In a 2025 critique of True Conservatism: Reclaiming Our Humanity in an Arrogant Age, reviewer Graham McAleer examines what Anthony T. Kronman sees as a growing crisis in modern thought. The problem is not science itself, but something more subtle and more pervasive: the cultural dominance of scientism—the tendency to treat the methods of science as the only reliable path to truth.
Kronman’s concern is that when scientific rationality expands beyond its proper domain, it begins to crowd out older ways of understanding meaning, purpose, and value. McAleer’s review presses on a key question: can Kronman successfully recover a humanistic tradition strong enough to stand alongside science without collapsing into nostalgia—or abstraction?
At stake is something deeper than an academic dispute. It’s about whether we still have the conceptual tools to talk about gratitude, sacrifice, and belonging in a world increasingly described in functional, mechanistic terms.
This tension raises a familiar but still unresolved question: is the world exhausted by what can be measured and explained, or does human life point beyond itself—to dimensions of meaning that resist reduction?
By the Numbers: A Culture That Won’t Sit Still
This isn’t just a philosophical debate; it shows up in how people actually identify. But the data here needs to be handled with care. There is no single, clean dataset that neatly divides humanity into “religious,” “spiritual,” and “scientific” categories—and different surveys define these terms in very different ways.
| Perspective | United States | Global |
|---|---|---|
| Religious (Affiliated) | 66% | 84% |
| Spiritual (Core focus) | 47% | ~25% |
| Secular / Scientific | 24-28% | 16% |
That said, broad patterns do emerge. In the United States, large-scale surveys (such as those by Pew Research) consistently show that a majority of people still identify with a religious tradition, even as that affiliation becomes more fluid. At the same time, a significant and growing number describe themselves as “spiritual” in some sense, often outside formal religious structures. Globally, the picture is even more complex: most people retain some form of religious identity, but the meaning of that identity varies enormously across cultures.
What these overlapping trends suggest is not a clean divide, but a layered landscape. Many people are not choosing between science, spirituality, and religion. They are, in practice, living with some combination of all three—sometimes comfortably, sometimes not.
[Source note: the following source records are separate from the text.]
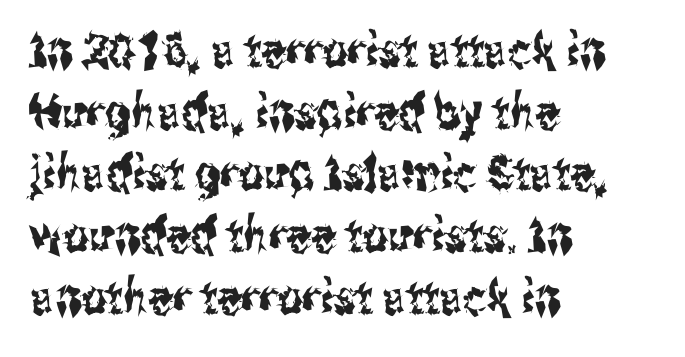
Q: Is the text italic (slanted)? A: No, it is upright.
Q: Is the typeface a serif or a sans-serif typeface? A: Sans-serif.
Q: Is the text underlined? A: No.
Q: How is the paragraph aligned? A: Left-aligned.
Q: Is the spacing between letters normal or unusually wide? A: Normal.
Q: Is the spacing between lines tight, normal or loose? A: Normal.
Q: Width (condensed, normal, or wide)? A: Condensed.
Q: Stroke contrast? A: Medium.
Q: x-height? A: Medium.
Q: Monospaced? A: No.

The Case for an Integrated Life
Rather than forcing these domains into opposition, it may be more realistic—and more honest—to see them as distinct but complementary ways of engaging reality.
Science (The Empirical Lens): Science remains our most powerful tool for understanding the physical world. It excels at answering “how” questions—mapping causal relationships, uncovering mechanisms, and generating reliable knowledge about the structure of reality. But its strength is also its limit. When extended beyond its proper scope, it risks flattening questions of meaning into questions of function.
Spirituality (The Personal Encounter): Spirituality points to the interior dimension of human life—the sense that experience is not exhausted by what can be measured. For many, this is not just a vague openness to “the universe,” but an encounter with a transcendent presence, a reality that feels both intimate and other.
Religion (The Communal Anchor): Religion, at its best, carries these intuitions across time. It provides shared language, ritual, and memory—structures that can ground personal experience in a wider tradition. For many, this communal dimension offers continuity and depth. But it isn’t the only way such connections are sustained. Some people find equally meaningful forms of spiritual life in looser, more informal communities—networks of shared insight, conversation, and lived experience that exist beyond formal institutions.
Seen this way, the real danger is not science, but reductionism—the insistence that one mode of knowing must displace all others.
An integrated life resists that collapse. It allows science to do what it does best without asking it to answer questions it was never designed to address. It preserves space for meaning, value, and transcendence without abandoning intellectual honesty.
We don’t have to choose between understanding the mechanisms of the universe and asking what, if anything, those mechanisms mean. The challenge is to hold those questions together without prematurely resolving the tension.
And maybe that tension is the point.
What happens to a culture when it forgets how to ask “why”—not just as a technical question, but as a human one?